British biotechnology company Immunocore Limited recently announced its leading product, IMCgp100, has been accepted to participate in the European Medicines Agency’s (EMA) Adaptive Pathways pilot.
IMCgp100 is the lead candidate in the ImmTACs platform technology, a class of biologic drugs based on the company’s proprietary T cell receptor (TCR) technology which have the potential to treat diseases with high unmet medical needs including cancer, viral infections and autoimmune diseases. ImmTACs are made of soluble receptors of immunological T cells (TCRs), or lymphocytes, that recognize diseased cells by some of the internal components that those cells present in their surface. Therefore, by identifying some features of the cell anatomy, T cell lymphocytes are able to selectively identify malignant cells. The main advantage of this technology, when compared to a normal immune T cell, is its ability to engineer TCRs and link them to an antibody fragment which activates a stronger immunological T cell response, identifying and destroying cancer cells.
The EMA’s selection of participating companies has been stringent, inviting only a short list of highly promising participants. Immunocore is now strategizing seeking conditional approval for IMCgp100 as a treatment of patients with metastatic uveal melanoma, a rare and fatal disease with few available treatment options. A conversion to full approval will depend on favorable findings from a Phase II clinical study in uveal melanoma with long-term follow-up data.

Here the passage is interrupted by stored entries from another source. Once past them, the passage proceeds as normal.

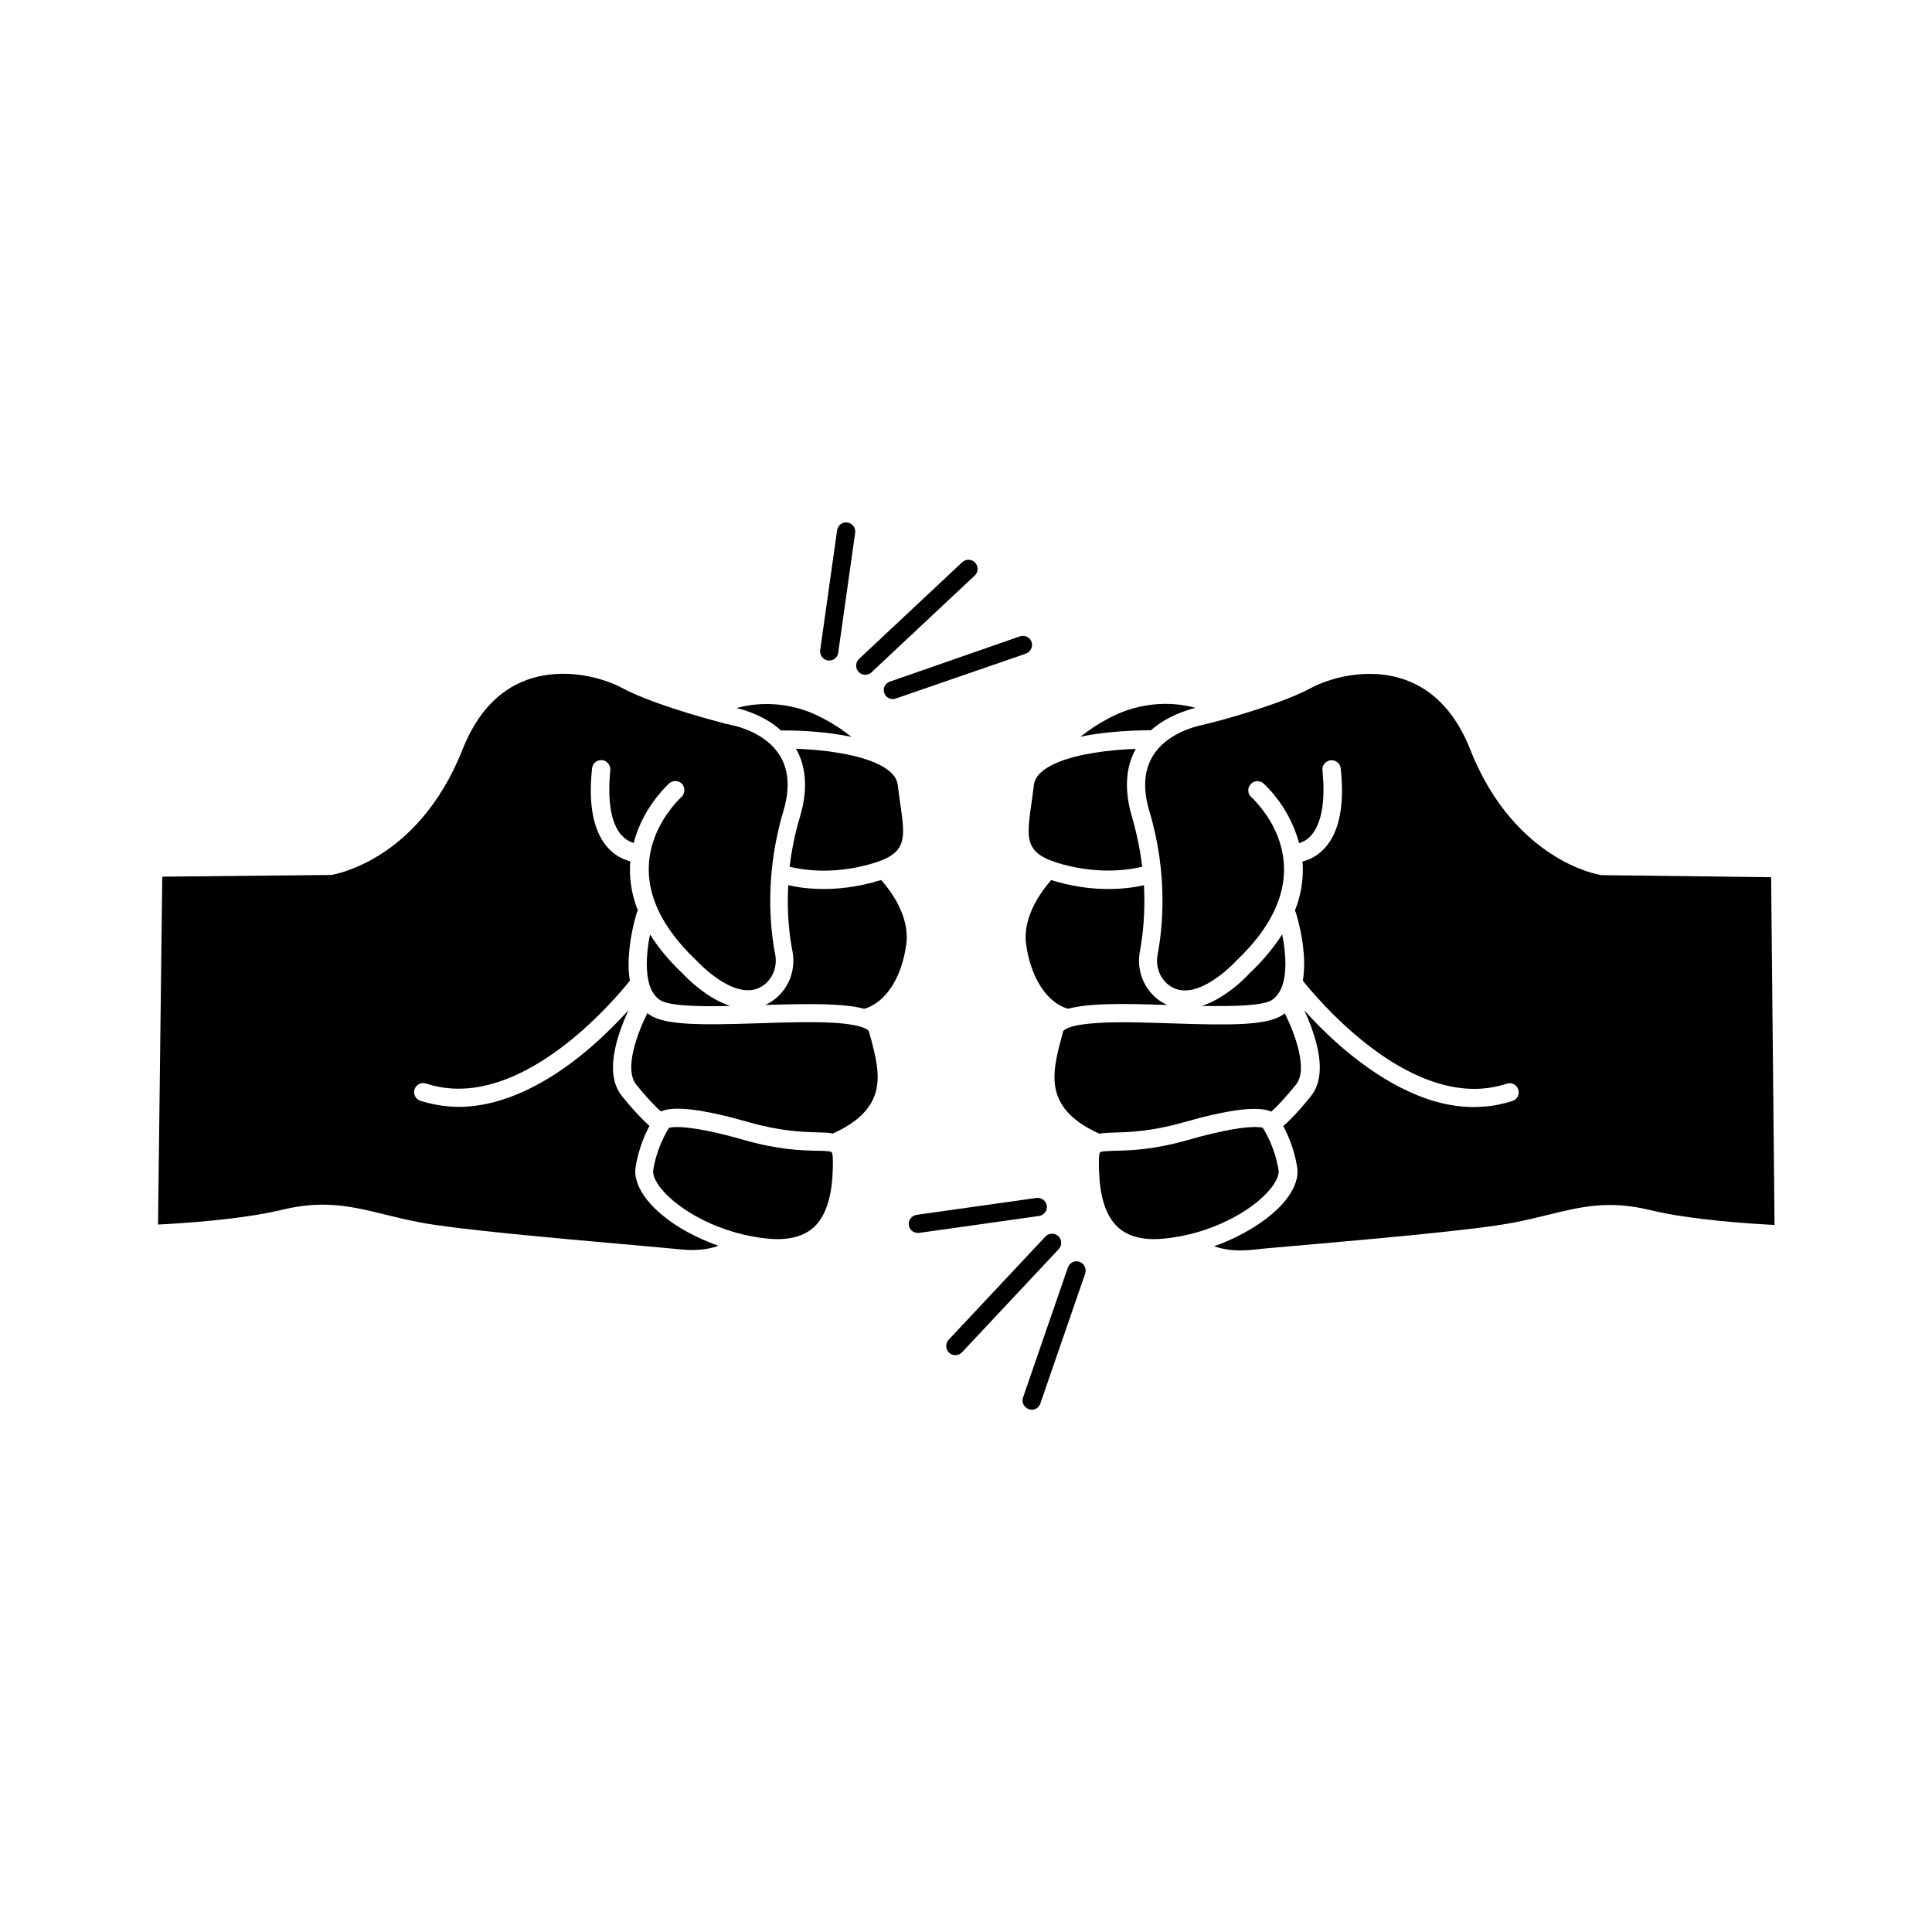 <?xml version="1.0" encoding="UTF-8"?>
<!-- Uploaded to: ICON Repo, www.svgrepo.com, Generator: ICON Repo Mixer Tools -->
<svg fill="#000000" width="800px" height="800px" version="1.1" viewBox="144 144 512 512" xmlns="http://www.w3.org/2000/svg">
 <g>
  <path d="m353.25 373.7c3.324 0.805 11.133 2.117 21.008-0.605 10.227-2.769 9.723-6.398 8.312-16.172-0.203-1.562-0.453-3.176-0.656-4.887-0.605-5.238-10.078-7.609-15.668-8.516-4.133-0.707-8.262-0.957-11.285-1.109 2.769 4.938 3.125 11.035 1.059 17.984-1.41 4.691-2.266 9.176-2.769 13.305z"/>
  <path d="m315.36 461.82c-2.316-2.973-3.324-5.945-2.922-8.516 0.754-4.734 2.418-8.566 3.68-10.934-1.512-1.309-3.93-3.727-7.305-7.91-2.973-3.68-3.125-9.422-0.555-17.027 0.754-2.168 1.562-4.133 2.316-5.742-2.672 2.973-6.398 6.75-10.832 10.531-5.543 4.684-11.133 8.312-16.523 10.832-6.098 2.82-12.043 4.281-17.684 4.281-0.805 0-1.562-0.051-2.316-0.102-2.672-0.203-5.289-0.707-7.809-1.512-1.258-0.402-1.965-1.762-1.562-3.023 0.402-1.258 1.762-1.965 3.023-1.562 2.168 0.707 4.383 1.16 6.648 1.309 22.219 1.562 43.48-23.629 47.41-28.566-0.402-2.215-0.453-4.684-0.203-7.508 0.453-5.594 2.016-10.379 2.066-10.578 0.051-0.203 0.152-0.352 0.25-0.504-1.863-4.684-2.316-9.117-2.016-13.047-1.512-0.352-3.426-1.16-5.238-2.871-3.727-3.527-5.492-9.473-5.188-17.684 0.051-1.309 0.152-2.672 0.301-4.082 0.152-1.309 1.309-2.266 2.672-2.168 1.309 0.152 2.266 1.309 2.168 2.672-0.152 1.309-0.203 2.57-0.25 3.727-0.203 6.602 1.008 11.438 3.629 13.906 0.957 0.957 2.016 1.41 2.82 1.664 1.359-5.34 4.031-9.523 6.047-12.09 1.812-2.316 3.324-3.68 3.375-3.727 1.008-0.855 2.519-0.805 3.426 0.203 0.855 1.008 0.754 2.519-0.203 3.426 0 0-1.258 1.109-2.769 3.074-5.644 7.305-12.293 22.219 6.699 40.203 0.051 0.051 0.102 0.102 0.152 0.152 0.102 0.102 10.832 11.84 17.887 6.297 2.367-1.863 3.477-4.938 2.871-8.062-1.359-6.953-2.82-21.109 2.168-37.887 1.762-5.844 1.461-10.73-0.805-14.559-3.477-5.894-10.832-7.859-13-8.312-1.008-0.203-2.117-0.453-3.273-0.805-5.34-1.41-18.488-5.141-25.695-9.02-4.637-2.519-15.164-5.742-25.191-2.117-7.609 2.769-13.301 8.969-17.078 18.488-5.996 15.215-14.914 23.375-21.41 27.559-7.106 4.586-12.848 5.543-13.047 5.594-0.102 0-0.25 0.051-0.352 0.051l-44.738 0.453-1.125 92.191c6.144-0.301 22.117-1.309 32.949-3.93 11.082-2.672 18.539-0.855 27.105 1.258 2.871 0.707 5.793 1.41 9.168 2.066 9.875 1.914 36.324 4.231 53.855 5.793 6.902 0.605 12.395 1.109 15.516 1.41 4.434 0.453 7.656-0.152 9.926-0.957-2.016-0.707-4.031-1.562-5.996-2.519-5.586-2.668-10.223-6.191-13.043-9.82z"/>
  <path d="m367.05 338.79c0.906 0.152 1.762 0.301 2.621 0.504-2.215-1.762-5.039-3.68-8.566-5.441-6.852-3.426-14.762-4.18-21.914-2.215 2.418 0.555 7.609 2.168 11.789 5.945 2.465-0.051 9.168 0.047 16.07 1.207z"/>
  <path d="m360.45 448.97c-4.031-0.102-10.176-0.25-19.297-2.871-14.508-4.133-18.895-3.477-19.852-3.223-0.805 1.258-3.273 5.492-4.18 11.184-0.203 1.211 0.504 2.922 1.965 4.785 4.637 5.894 16.07 12.395 28.918 13.453 5.09 0.402 9.02-0.656 11.688-3.074 4.484-4.18 5.039-11.941 5.039-17.434 0-2.016-0.301-2.367-0.301-2.418-0.301-0.352-2.316-0.402-3.981-0.402z"/>
  <path d="m375.56 377.78c-4.988 1.359-9.473 1.812-13.25 1.812-4.031 0-7.254-0.504-9.422-1.008-0.402 7.559 0.352 13.652 1.109 17.434 0.957 4.887-0.855 9.773-4.637 12.746-0.707 0.555-1.562 1.109-2.57 1.562 11.789-0.352 20.758-0.453 26.25 1.008 5.594-1.562 9.977-8.211 11.133-17.129 1.008-7.559-4.383-14.461-6.648-16.977-0.652 0.148-1.309 0.348-1.965 0.551z"/>
  <path d="m324.93 402.02c-3.727-3.527-6.551-7.004-8.664-10.379-0.754 3.68-1.258 8.414-0.453 12.141 0.051 0.102 0.051 0.203 0.051 0.301 0.504 2.066 1.41 3.828 2.973 4.887 2.418 1.664 10.43 1.812 18.691 1.613-1.512-0.504-3.125-1.211-4.887-2.266-4.133-2.519-7.207-5.746-7.711-6.297z"/>
  <path d="m374.25 417.28s-0.605-1.562-8.312-2.168c-5.691-0.402-13.199-0.203-20.453 0.051-15.516 0.504-25.242 0.605-29.371-2.266-0.203-0.152-0.352-0.25-0.555-0.402-2.621 5.238-6.246 14.812-2.973 18.895 3.125 3.879 5.289 6.047 6.551 7.152 3.426-1.562 11.234-0.605 23.375 2.871 8.516 2.418 14.258 2.57 18.086 2.672 1.512 0.051 2.922 0.051 4.133 0.301 6.602-2.973 10.379-6.75 11.488-11.539 1.008-4.383-0.25-9.07-1.309-13.25-0.258-0.805-0.457-1.559-0.66-2.316z"/>
  <path d="m568.47 375.92c-0.102 0-0.25 0-0.352-0.051-0.25-0.051-5.945-0.957-13.047-5.594-6.449-4.18-15.418-12.344-21.41-27.559-3.727-9.473-9.473-15.719-17.078-18.488-10.027-3.68-20.555-0.402-25.191 2.117-7.203 3.879-20.355 7.609-25.695 9.02-1.16 0.301-2.266 0.555-3.273 0.805-2.168 0.453-9.523 2.418-13 8.312-2.266 3.828-2.57 8.715-0.805 14.559 4.988 16.727 3.477 30.934 2.168 37.887-0.605 3.074 0.504 6.195 2.871 8.062 2.82 2.215 6.602 1.965 11.184-0.805 3.828-2.316 6.648-5.441 6.699-5.492 0.051-0.051 0.102-0.102 0.152-0.152 18.992-17.984 12.344-32.949 6.699-40.203-1.512-1.965-2.719-3.023-2.769-3.074-1.008-0.855-1.109-2.418-0.203-3.426 0.855-1.008 2.418-1.109 3.426-0.203 0.051 0.051 1.562 1.359 3.375 3.727 2.016 2.57 4.637 6.75 6.047 12.09 0.805-0.25 1.863-0.707 2.82-1.664 2.57-2.519 3.828-7.305 3.629-13.906-0.051-1.16-0.152-2.418-0.25-3.727-0.152-1.309 0.805-2.519 2.168-2.672 1.309-0.152 2.519 0.805 2.672 2.168 0.152 1.41 0.25 2.769 0.301 4.082 0.301 8.211-1.461 14.156-5.188 17.684-1.812 1.715-3.727 2.519-5.238 2.871 0.301 3.93-0.152 8.312-2.016 13.047 0.102 0.152 0.152 0.301 0.25 0.504 0.051 0.203 1.613 4.988 2.066 10.578 0.25 2.769 0.152 5.289-0.203 7.508 3.93 4.887 25.141 30.129 47.41 28.566 2.266-0.152 4.484-0.605 6.648-1.309 1.258-0.402 2.621 0.25 3.023 1.562 0.402 1.258-0.25 2.621-1.562 3.023-2.519 0.805-5.141 1.359-7.809 1.512-0.754 0.051-1.562 0.102-2.316 0.102-5.691 0-11.637-1.41-17.684-4.281-5.441-2.519-10.984-6.195-16.523-10.832-4.484-3.777-8.16-7.559-10.832-10.531 0.754 1.613 1.613 3.578 2.316 5.742 2.57 7.609 2.418 13.301-0.555 17.027-3.375 4.18-5.793 6.602-7.305 7.91 1.258 2.367 2.922 6.195 3.68 10.934 0.402 2.621-0.605 5.543-2.922 8.516-2.82 3.629-7.508 7.106-13.098 9.875-1.965 0.957-3.93 1.812-5.996 2.519 2.266 0.805 5.492 1.41 9.926 0.957 3.125-0.352 8.613-0.805 15.516-1.41 17.531-1.562 43.984-3.879 53.855-5.793 3.375-0.656 6.297-1.359 9.168-2.066 8.613-2.117 16.02-3.981 27.105-1.258 10.832 2.621 26.852 3.629 32.949 3.93l-0.906-92.148z"/>
  <path d="m425.69 373.09c9.926 2.672 17.734 1.41 21.008 0.605-0.504-4.133-1.359-8.566-2.719-13.25-2.066-7.004-1.715-13.047 1.008-17.984-3.074 0.102-7.203 0.402-11.387 1.109-5.594 0.906-15.012 3.273-15.617 8.516-0.203 1.762-0.453 3.375-0.656 4.887-1.359 9.719-1.863 13.348 8.363 16.117z"/>
  <path d="m434.05 415.16c-7.707 0.555-8.312 2.117-8.312 2.168-0.203 0.754-0.402 1.512-0.605 2.316-1.109 4.18-2.316 8.918-1.309 13.25 1.109 4.785 4.887 8.566 11.488 11.539 1.211-0.203 2.621-0.25 4.133-0.301 3.777-0.102 9.523-0.25 18.086-2.672 12.141-3.477 19.949-4.434 23.375-2.871 1.258-1.109 3.426-3.324 6.551-7.152 3.273-4.082-0.352-13.652-2.973-18.895-0.203 0.152-0.352 0.301-0.555 0.402-4.18 2.871-13.906 2.769-29.371 2.266-7.309-0.254-14.863-0.504-20.508-0.051z"/>
  <path d="m447.16 378.59c-2.168 0.504-5.391 1.008-9.422 1.008-3.777 0-8.262-0.453-13.25-1.812-0.656-0.203-1.309-0.352-1.914-0.555-2.266 2.57-7.656 9.473-6.648 16.977 1.211 8.918 5.543 15.566 11.133 17.129 5.492-1.512 14.461-1.41 26.25-1.008-0.957-0.453-1.812-0.957-2.57-1.562-3.777-2.973-5.594-7.859-4.637-12.746 0.703-3.777 1.461-9.922 1.059-17.43z"/>
  <path d="m480.86 458.84c1.461-1.863 2.168-3.578 1.965-4.785-0.906-5.691-3.375-9.926-4.18-11.184-0.301-0.102-0.957-0.203-2.117-0.203-2.57 0-7.758 0.605-17.684 3.426-9.117 2.621-15.215 2.769-19.297 2.871-1.613 0.051-3.629 0.102-4.031 0.402 0 0-0.301 0.402-0.301 2.418 0 5.492 0.504 13.301 5.039 17.434 2.672 2.469 6.602 3.477 11.688 3.074 12.848-1.059 24.285-7.559 28.918-13.453z"/>
  <path d="m481.16 408.96c1.512-1.059 2.469-2.769 2.973-4.785 0-0.152 0.051-0.301 0.102-0.453 0.805-3.727 0.301-8.414-0.453-12.09-2.117 3.324-4.938 6.801-8.715 10.379-0.504 0.555-3.578 3.828-7.707 6.297-1.762 1.059-3.375 1.812-4.887 2.266 8.258 0.152 16.316 0 18.688-1.613z"/>
  <path d="m449.02 337.53c4.18-3.727 9.371-5.34 11.789-5.945-7.152-1.965-15.062-1.16-21.914 2.215-3.527 1.762-6.348 3.68-8.566 5.441 0.855-0.152 1.715-0.352 2.621-0.504 6.902-1.109 13.602-1.207 16.07-1.207z"/>
  <path d="m363.42 319.04h0.352c1.211 0 2.215-0.855 2.367-2.066l4.484-31.789c0.203-1.309-0.754-2.519-2.066-2.719-1.309-0.203-2.519 0.754-2.719 2.066l-4.484 31.789c-0.148 1.309 0.758 2.519 2.066 2.719z"/>
  <path d="m373.3 322.82c0.605 0 1.211-0.203 1.664-0.656l27.355-25.645c0.957-0.906 1.008-2.418 0.102-3.426-0.906-0.957-2.418-1.008-3.426-0.102l-27.355 25.645c-0.957 0.906-1.008 2.418-0.102 3.426 0.453 0.504 1.105 0.758 1.762 0.758z"/>
  <path d="m378.34 327.65c0.352 1.008 1.258 1.613 2.266 1.613 0.25 0 0.504-0.051 0.805-0.152l34.461-11.891c1.258-0.453 1.914-1.812 1.512-3.074-0.402-1.258-1.812-1.914-3.074-1.512l-34.457 11.992c-1.262 0.402-1.965 1.762-1.512 3.023z"/>
  <path d="m421.41 463.53c-0.203-1.309-1.41-2.215-2.719-2.066l-31.789 4.484c-1.309 0.203-2.215 1.41-2.066 2.719 0.152 1.211 1.211 2.066 2.367 2.066h0.352l31.789-4.484c1.312-0.199 2.269-1.406 2.066-2.719z"/>
  <path d="m424.48 471.59c-0.957-0.906-2.519-0.855-3.426 0.102l-25.645 27.355c-0.906 0.957-0.855 2.519 0.102 3.426 0.453 0.453 1.059 0.656 1.664 0.656 0.656 0 1.309-0.25 1.762-0.754l25.645-27.355c0.906-1.012 0.855-2.523-0.102-3.43z"/>
  <path d="m430.07 478.39c-1.258-0.453-2.621 0.25-3.074 1.512l-11.887 34.461c-0.453 1.258 0.25 2.621 1.512 3.074 0.25 0.102 0.504 0.152 0.805 0.152 1.008 0 1.914-0.605 2.266-1.613l11.891-34.461c0.406-1.312-0.25-2.672-1.512-3.125z"/>
 </g>
</svg>

The Adaptive Pathways is an initiative that aims to reduce the time of approval of a specific drug by studying its impact within a very objective sample of patients and extrapolating the initial indications to a larger population.
The official EMA statement mentioned that “The concept of Adaptive Pathways foresees either an initial approval in a well-defined patient subgroup with a high medical need and subsequent widening of the indication to a larger patient population, or an early regulatory approval (e.g. conditional approval), which is prospectively planned, and where uncertainty is reduced through the collection of post-approval data on the medicine’s use in patients. This approach is particularly relevant for medicines with the potential to treat serious conditions with an unmet medical need and may reduce the time to a medicine’s approval or to its reimbursement for targeted patient groups. It involves balancing the importance of timely patient access with the need for adequate, evolving information on a medicine’s benefits and risks. The Adaptive Pathways approach builds on regulatory processes already in place within the existing European Union legal framework.”
Dr. Christina Coughlin, Chief Medical Officer at Immunocore, said, “We are delighted to have been accepted into the EMA Adaptive Pathways pilot programme, an accelerated development project that further underscores the potential benefits that IMCgp100 can bring to patients with uveal melanoma, a fatal disease that has few other treatment options. We are grateful for the collaborative regulatory feedback from the EMA on the design of our development programme as well as feedback from the European HTA agencies and patient advocacy organisations that are participating in our Adaptive Pathways pilot project. We are very pleased to be working with leading European experts in the clinical management of patients with uveal melanoma.”